Task:
Where does the string "sans" appear in the records? Copy each line that holds it.

----------------------------------------

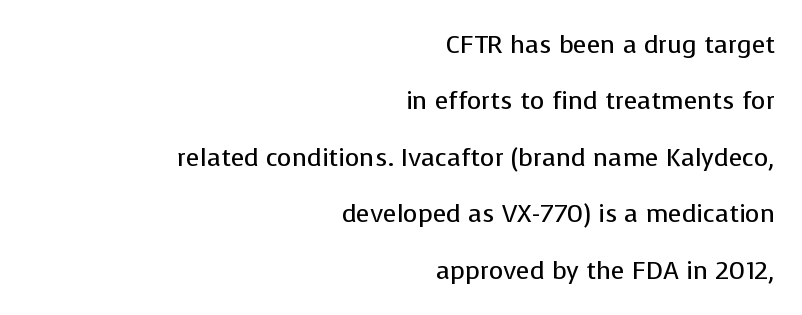
Q: Is the text bold? A: No.
Q: Is the text italic (slanted)? A: No, it is upright.
Q: Is the text underlined? A: No.
Q: How is the paragraph aligned? A: Right-aligned.
Q: Is the spacing between letters normal or unusually wide? A: Normal.
Q: Is the spacing between lines tight, normal or loose? A: Loose.
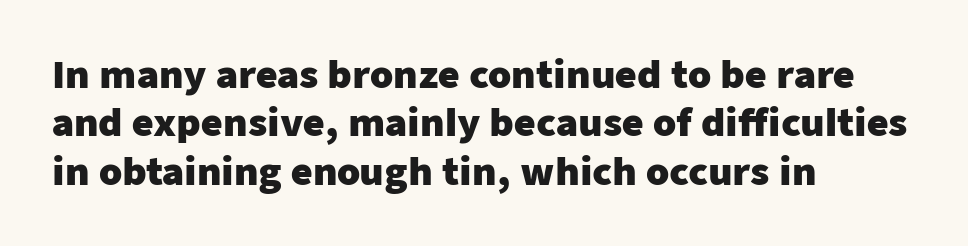
Q: Is the text bold? A: Yes.
Q: Is the text italic (slanted)? A: No, it is upright.
Q: Is the typeface a serif or a sans-serif typeface? A: Sans-serif.
Q: Is the text underlined? A: No.
Q: How is the paragraph aligned? A: Left-aligned.
Q: Is the spacing between letters normal or unusually wide? A: Normal.
Q: Is the spacing between lines tight, normal or loose? A: Normal.
Q: Width (condensed, normal, or wide)? A: Normal.
Q: Stroke contrast? A: Low.
Q: x-height? A: Medium.
Q: Monospaced? A: No.
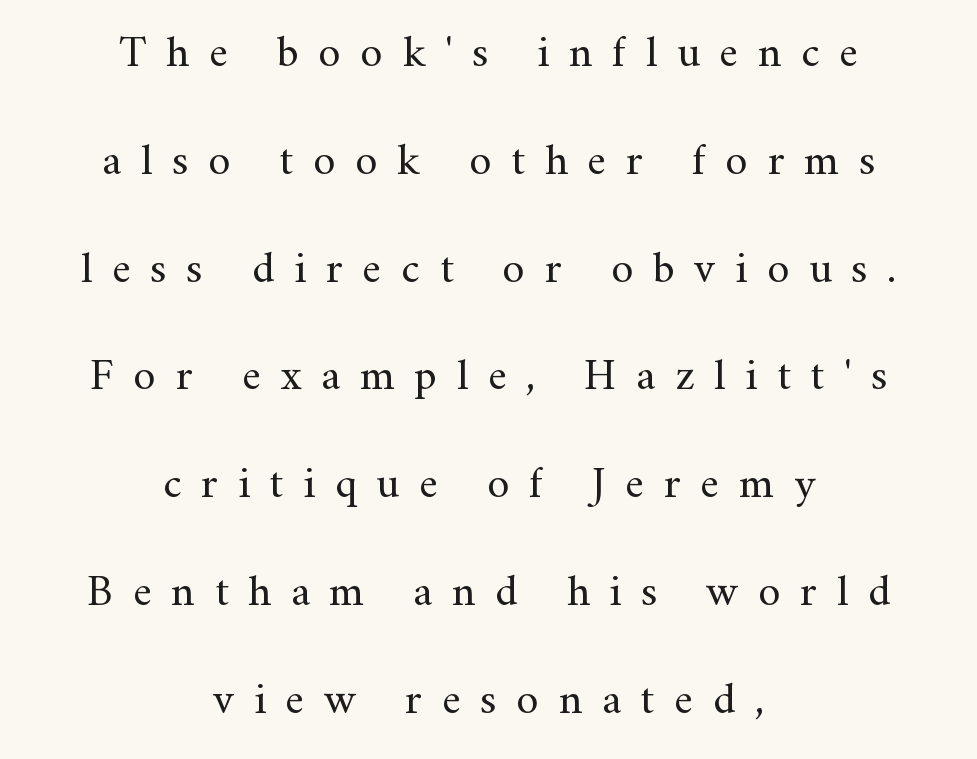
Q: Is the text bold? A: No.
Q: Is the text italic (slanted)? A: No, it is upright.
Q: Is the typeface a serif or a sans-serif typeface? A: Serif.
Q: Is the text underlined? A: No.
Q: How is the paragraph aligned? A: Centered.
Q: Is the spacing between letters normal or unusually wide? A: Unusually wide.
Q: Is the spacing between lines tight, normal or loose? A: Loose.
Q: Width (condensed, normal, or wide)? A: Normal.
Q: Stroke contrast? A: Medium.
Q: x-height? A: Small.
Q: Monospaced? A: No.
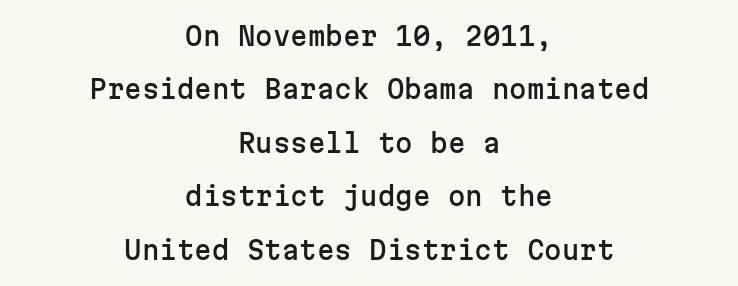
{"italic": "no", "underline": "no", "align": "center", "line_spacing": "loose", "line_spacing_ratio": 2.14, "letter_spacing": "normal", "letter_spacing_em": 0.0, "glyph_px": 25}
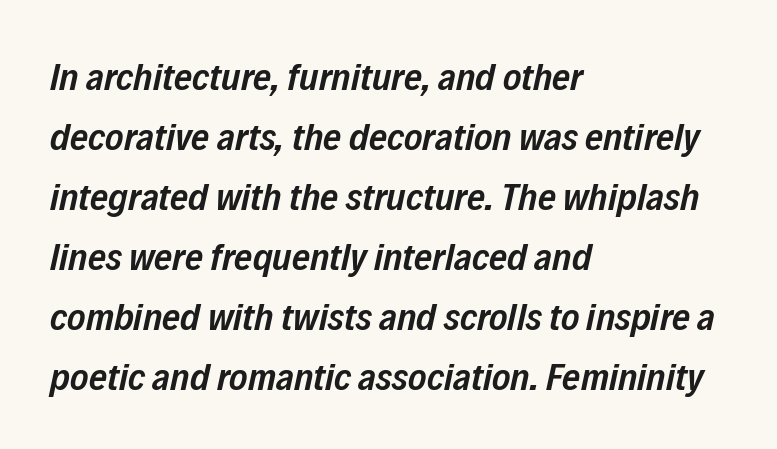
The image shows 39 px semibold, condensed type, italic (leaning right); set left-aligned, normal line spacing (1.54x), normal letter spacing, not underlined; low stroke contrast and a medium x-height.
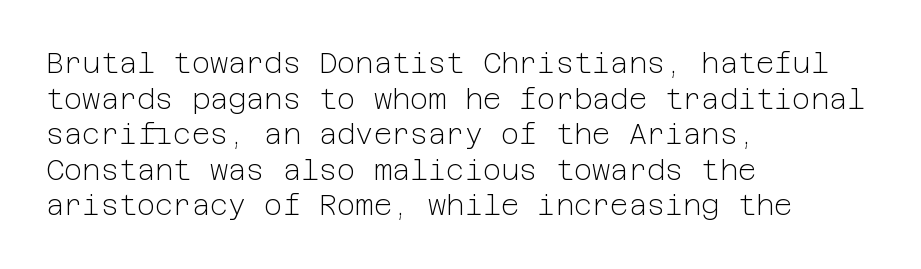
Inter-character spacing is left at the font's built-in metrics. Letters have the restrained weight of plain body copy at most. Rows of type keep a routine distance in the vertical direction. Tall strokes in this sample are plumb rather than angled. The characters display no serif detailing; their extremities are plain.

----------------------------------------

Problem solution:
Q: Is the typeface a serif or a sans-serif typeface? A: Sans-serif.
Q: Is the typeface a serif or a sans-serif typeface? A: Serif.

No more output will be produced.